Voor de economische politierechter te Leeuwarden diende op 20 oktober 2005 de zaak tegen een Friese eierzoeker, die ondanks het verbod, kievitseieren had gezocht en geraapt. In artikel 12 van de Flora- en faunawet is -onder meer- het zoeken en rapen van kievitseieren verboden. Artikel 60 van voornoemde wet geeft echter aan dat Gedeputeerde Staten een ontheffing kan geven. Op 17 december 2002 gaf Gedeputeerde Staten een ontheffing, waartegen bezwaar werd ingesteld. Bij beslissing van de bestuursrechter te Leeuwarden op 16 maart 2005 werd de verleende ontheffing geschorst, ingaande 18 maart 2005. Tegen de beslissing van de bestuursrechter werd beroep ingesteld en een uitspraak dient nog te volgen.

Hoewel verdachte wist van het verbod, nam hij op 27 maart 2005 toch kievitseieren mee en kreeg daarvoor een transactievoorstel. Verdachte hield ter zitting een emotioneel pleidooi over de eeuwenoude traditie van het 'aaisykjen'. Ook vestigde hij de aandacht op de nazorg die heel erg belangrijk is voor de vogelstand. Op de vraag van de economische politierechter waarom verdachte toch de gang naar de rechtbank maakte, terwijl hij wist dat hij in overtreding was, verklaarde verdachte dat het niet alleen om het kievitsei ging maar om de nazorg in het algemeen.

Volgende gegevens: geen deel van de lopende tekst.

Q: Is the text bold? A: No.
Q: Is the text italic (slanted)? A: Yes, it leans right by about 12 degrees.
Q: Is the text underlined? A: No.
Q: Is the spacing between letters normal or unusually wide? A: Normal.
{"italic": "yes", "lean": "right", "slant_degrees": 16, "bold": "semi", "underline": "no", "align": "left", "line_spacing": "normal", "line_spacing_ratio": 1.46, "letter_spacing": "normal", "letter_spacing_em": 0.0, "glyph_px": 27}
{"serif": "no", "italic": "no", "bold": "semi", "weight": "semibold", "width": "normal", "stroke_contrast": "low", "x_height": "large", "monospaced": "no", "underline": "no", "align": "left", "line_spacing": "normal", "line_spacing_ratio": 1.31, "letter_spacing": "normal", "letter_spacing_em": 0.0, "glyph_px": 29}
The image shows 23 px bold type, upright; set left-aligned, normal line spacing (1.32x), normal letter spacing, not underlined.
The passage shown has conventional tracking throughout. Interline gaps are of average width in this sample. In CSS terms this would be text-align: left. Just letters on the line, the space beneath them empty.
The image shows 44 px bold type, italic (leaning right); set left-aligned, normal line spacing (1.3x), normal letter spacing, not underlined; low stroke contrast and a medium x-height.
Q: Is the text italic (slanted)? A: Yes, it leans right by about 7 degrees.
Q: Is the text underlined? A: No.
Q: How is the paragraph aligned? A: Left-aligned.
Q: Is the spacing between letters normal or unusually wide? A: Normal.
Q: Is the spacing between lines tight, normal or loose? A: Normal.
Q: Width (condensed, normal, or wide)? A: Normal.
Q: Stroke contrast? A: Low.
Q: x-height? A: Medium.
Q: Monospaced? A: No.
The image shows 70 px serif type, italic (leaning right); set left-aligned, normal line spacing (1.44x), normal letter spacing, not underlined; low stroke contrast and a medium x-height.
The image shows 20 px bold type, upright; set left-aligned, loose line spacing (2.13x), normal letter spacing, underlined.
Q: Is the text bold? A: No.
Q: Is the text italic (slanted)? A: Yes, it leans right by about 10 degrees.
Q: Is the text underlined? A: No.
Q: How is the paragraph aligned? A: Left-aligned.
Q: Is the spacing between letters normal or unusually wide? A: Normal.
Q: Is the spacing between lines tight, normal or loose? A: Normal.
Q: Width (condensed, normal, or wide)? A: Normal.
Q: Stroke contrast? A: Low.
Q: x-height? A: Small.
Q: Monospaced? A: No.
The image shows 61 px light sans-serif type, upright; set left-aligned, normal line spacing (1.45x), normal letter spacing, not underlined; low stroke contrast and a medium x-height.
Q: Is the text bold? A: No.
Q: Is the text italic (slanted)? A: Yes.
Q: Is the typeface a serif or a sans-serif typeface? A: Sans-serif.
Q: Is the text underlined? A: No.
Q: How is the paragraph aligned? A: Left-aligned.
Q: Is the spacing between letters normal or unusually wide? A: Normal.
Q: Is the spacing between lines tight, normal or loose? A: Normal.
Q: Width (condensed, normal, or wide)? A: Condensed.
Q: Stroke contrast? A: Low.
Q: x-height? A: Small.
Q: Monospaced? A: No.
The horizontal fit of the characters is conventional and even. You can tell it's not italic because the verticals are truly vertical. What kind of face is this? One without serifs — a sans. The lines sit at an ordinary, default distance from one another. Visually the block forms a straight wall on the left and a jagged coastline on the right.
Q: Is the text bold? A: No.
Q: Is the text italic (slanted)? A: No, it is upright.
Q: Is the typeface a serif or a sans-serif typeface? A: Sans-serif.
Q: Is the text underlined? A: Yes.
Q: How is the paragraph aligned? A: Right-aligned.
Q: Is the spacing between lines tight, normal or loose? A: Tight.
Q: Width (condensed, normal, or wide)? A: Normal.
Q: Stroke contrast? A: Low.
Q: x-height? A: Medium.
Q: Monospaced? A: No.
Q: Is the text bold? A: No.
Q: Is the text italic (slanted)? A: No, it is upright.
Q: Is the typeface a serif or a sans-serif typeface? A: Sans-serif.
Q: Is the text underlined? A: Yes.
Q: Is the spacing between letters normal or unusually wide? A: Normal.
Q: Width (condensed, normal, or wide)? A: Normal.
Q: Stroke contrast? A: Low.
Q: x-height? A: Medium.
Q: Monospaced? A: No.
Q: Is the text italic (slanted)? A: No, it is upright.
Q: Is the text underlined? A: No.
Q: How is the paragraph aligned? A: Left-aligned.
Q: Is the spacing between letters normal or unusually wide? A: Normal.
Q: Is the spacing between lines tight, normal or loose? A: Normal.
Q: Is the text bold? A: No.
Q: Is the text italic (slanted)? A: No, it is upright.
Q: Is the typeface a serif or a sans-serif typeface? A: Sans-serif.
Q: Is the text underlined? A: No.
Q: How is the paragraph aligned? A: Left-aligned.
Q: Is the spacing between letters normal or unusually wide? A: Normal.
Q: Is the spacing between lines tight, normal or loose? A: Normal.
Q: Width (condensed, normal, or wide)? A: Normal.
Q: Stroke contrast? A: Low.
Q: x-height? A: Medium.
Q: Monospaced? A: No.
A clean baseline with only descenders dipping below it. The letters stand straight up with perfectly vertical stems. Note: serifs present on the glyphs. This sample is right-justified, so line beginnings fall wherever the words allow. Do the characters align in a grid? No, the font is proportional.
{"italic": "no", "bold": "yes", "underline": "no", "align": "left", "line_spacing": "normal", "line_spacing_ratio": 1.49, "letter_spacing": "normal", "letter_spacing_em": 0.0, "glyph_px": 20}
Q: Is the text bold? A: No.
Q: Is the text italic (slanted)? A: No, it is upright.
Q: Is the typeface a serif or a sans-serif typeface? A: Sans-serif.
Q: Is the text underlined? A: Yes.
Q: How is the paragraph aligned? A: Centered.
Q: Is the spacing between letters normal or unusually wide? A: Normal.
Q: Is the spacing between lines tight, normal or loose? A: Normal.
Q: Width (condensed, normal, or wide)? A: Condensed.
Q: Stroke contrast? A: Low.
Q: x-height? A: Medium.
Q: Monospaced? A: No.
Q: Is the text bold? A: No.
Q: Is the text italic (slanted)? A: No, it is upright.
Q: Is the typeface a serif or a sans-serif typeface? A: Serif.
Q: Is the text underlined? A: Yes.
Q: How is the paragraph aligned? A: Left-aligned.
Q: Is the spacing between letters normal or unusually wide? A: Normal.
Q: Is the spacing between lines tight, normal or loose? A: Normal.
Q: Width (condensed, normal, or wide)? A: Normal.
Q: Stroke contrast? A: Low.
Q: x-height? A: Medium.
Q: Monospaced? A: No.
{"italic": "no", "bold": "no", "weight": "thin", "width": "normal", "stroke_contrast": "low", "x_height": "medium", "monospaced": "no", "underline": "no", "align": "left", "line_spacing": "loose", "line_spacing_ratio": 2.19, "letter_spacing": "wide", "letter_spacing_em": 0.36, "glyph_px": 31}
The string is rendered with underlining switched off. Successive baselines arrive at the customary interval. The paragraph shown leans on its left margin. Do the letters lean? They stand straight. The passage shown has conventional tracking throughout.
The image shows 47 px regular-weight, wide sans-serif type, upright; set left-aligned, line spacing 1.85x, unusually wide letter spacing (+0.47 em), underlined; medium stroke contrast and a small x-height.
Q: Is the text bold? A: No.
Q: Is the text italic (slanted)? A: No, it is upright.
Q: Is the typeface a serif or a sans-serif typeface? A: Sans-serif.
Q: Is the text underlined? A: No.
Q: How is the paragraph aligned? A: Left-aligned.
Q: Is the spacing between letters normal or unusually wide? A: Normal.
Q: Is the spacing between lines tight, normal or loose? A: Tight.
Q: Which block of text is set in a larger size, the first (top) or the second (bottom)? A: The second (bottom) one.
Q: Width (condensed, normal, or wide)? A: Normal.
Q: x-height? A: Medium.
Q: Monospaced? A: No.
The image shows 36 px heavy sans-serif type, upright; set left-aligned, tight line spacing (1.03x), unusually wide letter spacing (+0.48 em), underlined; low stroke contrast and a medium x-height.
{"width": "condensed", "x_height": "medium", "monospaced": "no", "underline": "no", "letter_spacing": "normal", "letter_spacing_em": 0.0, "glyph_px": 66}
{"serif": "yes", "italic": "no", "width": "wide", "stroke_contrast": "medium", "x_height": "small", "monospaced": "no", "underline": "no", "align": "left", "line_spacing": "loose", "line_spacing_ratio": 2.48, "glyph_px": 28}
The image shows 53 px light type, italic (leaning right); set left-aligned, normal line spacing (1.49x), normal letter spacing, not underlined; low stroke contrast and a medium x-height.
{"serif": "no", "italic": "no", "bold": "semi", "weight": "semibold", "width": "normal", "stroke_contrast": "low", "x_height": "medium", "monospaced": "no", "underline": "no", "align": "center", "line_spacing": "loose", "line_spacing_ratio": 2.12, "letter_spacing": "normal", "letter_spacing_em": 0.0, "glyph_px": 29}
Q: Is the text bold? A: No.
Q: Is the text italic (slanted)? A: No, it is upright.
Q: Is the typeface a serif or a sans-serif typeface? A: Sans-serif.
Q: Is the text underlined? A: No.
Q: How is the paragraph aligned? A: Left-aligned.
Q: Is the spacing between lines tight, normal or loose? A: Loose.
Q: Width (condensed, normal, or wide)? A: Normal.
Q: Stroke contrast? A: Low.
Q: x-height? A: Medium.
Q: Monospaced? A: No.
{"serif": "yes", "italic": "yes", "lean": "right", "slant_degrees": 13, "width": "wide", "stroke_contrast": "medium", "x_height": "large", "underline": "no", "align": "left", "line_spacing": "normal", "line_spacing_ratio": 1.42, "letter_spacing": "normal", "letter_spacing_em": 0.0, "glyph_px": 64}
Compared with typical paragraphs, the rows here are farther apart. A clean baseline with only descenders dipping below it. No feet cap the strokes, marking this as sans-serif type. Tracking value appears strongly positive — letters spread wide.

De officier van justitie achtte het telastegelegde feit bewezen en vorderde een geldboete van ⬠110,-- subsidiair 2 dagen vervangende hechtenis. De officier van justitie gaf daarbij aan dat de pers begin dit jaar voldoende aandacht had besteed met betrekking tot de mogelijkheden en de onmogelijkheden ten aanzien van het eierzoeken.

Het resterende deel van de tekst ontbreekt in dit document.